I am going through the induction process to join the SWAN UK team as a Parent Rep for Hampshire and I responded to a Facebook request on the SWAN UK Parent Rep Facebook group.
Have you ever done anything like this before?
No, never … which made it interesting. It was my first activity as a soon-tob-be Parent Rep, but certainly won’t be the last.
Why did you want to take part?
I wanted to share my story, remind the doctors and researchers that we appreciate all the work they do but also remind them to remember the patient behind the research.
How did you find talking about your personal experiences to an audience of professionals?
It was a lot easier than I thought. I wasn’t teaching them anything, but simply telling my story as a mum of a special needs, undiagnosed child.

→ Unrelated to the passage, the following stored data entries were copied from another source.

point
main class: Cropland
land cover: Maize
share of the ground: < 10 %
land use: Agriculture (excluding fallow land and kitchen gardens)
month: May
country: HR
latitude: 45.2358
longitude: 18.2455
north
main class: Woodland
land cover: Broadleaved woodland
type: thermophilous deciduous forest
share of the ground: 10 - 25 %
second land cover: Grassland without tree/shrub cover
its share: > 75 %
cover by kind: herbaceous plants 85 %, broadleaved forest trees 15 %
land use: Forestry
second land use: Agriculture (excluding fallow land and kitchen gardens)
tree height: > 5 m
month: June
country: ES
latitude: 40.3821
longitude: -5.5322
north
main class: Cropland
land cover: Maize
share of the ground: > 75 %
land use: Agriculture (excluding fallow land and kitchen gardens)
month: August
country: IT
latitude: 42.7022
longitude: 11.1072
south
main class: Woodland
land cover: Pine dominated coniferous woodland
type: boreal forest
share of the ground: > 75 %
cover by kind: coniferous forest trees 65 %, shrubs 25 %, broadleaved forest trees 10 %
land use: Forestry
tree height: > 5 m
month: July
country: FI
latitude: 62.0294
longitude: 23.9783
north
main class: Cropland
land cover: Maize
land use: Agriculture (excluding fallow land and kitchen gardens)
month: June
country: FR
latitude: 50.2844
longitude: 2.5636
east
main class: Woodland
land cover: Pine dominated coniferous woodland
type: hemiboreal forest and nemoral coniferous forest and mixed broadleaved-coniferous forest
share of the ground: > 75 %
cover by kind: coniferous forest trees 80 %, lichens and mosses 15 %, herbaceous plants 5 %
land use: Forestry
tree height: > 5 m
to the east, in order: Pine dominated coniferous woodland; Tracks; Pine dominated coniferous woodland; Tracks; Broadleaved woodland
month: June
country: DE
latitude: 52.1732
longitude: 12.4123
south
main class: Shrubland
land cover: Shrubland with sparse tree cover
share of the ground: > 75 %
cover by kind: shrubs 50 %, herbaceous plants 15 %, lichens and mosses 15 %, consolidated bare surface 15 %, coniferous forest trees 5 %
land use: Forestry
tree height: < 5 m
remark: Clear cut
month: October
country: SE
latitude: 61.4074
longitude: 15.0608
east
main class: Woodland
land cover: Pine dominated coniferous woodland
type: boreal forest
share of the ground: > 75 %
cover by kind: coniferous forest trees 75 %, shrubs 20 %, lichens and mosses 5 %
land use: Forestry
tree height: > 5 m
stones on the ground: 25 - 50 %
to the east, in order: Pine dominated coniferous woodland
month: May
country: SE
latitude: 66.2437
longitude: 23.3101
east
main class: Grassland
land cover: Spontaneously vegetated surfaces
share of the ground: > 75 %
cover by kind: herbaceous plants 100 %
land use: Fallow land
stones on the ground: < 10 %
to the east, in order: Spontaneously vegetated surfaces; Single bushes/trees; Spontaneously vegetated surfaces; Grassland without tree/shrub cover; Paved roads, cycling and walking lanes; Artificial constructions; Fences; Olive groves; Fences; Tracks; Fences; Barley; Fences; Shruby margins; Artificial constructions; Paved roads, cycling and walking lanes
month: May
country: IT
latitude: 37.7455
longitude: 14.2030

Is this the kind of activity you want to do more of in your role as a Parent Rep?
Yes, I would love to be involved in doing more of these talks. I think it is important that we, as parents of an undiagnosed child, work closely with the doctors and researchers to bridge the gap between the medical side and family.
What do you think professionals got out of your talk?
The truth of what it is like with a child that is undiagnosed – the hardships and the worry. I hope I have given them an understanding of what life is like in limbo in the hope that when they go back to their practices, hospitals or clinics they can think of a way to touch base with families like mine and make sure they have the contact details to pass on for SWAN UK.
How easy is it to do things like this when you have an undiagnosed child?
I am very lucky to have my mum living nearby and I can trust her completely to watch my children as she understands Trent.
What advice would you give someone else who is thinking of doing something similar?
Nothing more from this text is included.